───── EXTRACTED RECORDS ─────

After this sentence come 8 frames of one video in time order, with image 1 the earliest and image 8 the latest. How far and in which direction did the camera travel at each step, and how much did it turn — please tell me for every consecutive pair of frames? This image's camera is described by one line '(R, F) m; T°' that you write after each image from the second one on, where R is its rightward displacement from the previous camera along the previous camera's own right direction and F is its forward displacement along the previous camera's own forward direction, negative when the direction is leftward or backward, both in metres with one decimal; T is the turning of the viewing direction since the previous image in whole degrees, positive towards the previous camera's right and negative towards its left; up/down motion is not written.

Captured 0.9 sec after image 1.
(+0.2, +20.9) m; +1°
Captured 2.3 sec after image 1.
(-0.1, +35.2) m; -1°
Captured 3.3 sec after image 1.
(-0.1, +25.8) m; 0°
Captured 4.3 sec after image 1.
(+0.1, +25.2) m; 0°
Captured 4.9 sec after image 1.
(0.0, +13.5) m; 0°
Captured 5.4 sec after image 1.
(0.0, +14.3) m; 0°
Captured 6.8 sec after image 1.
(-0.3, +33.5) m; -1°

─────
───── EXTRACTED RECORDS ─────

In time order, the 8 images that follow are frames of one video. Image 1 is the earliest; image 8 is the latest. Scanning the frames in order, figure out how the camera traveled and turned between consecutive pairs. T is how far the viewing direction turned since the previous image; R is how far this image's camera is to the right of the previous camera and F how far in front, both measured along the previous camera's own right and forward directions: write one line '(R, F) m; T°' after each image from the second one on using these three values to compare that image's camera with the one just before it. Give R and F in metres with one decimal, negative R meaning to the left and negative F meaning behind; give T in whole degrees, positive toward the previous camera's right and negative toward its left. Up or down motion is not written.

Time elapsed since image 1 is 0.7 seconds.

─────

_YOUR OBJECTIVE:_ Copy the entries above exactly, but only from the line holding "In time order, the" through the line holding "Time elapsed since image 1 is 0.7 seconds.", both included.

_EXERCISE ANSWER:_
In time order, the 8 images that follow are frames of one video. Image 1 is the earliest; image 8 is the latest. Scanning the frames in order, figure out how the camera traveled and turned between consecutive pairs. T is how far the viewing direction turned since the previous image; R is how far this image's camera is to the right of the previous camera and F how far in front, both measured along the previous camera's own right and forward directions: write one line '(R, F) m; T°' after each image from the second one on using these three values to compare that image's camera with the one just before it. Give R and F in metres with one decimal, negative R meaning to the left and negative F meaning behind; give T in whole degrees, positive toward the previous camera's right and negative toward its left. Up or down motion is not written.

Time elapsed since image 1 is 0.7 seconds.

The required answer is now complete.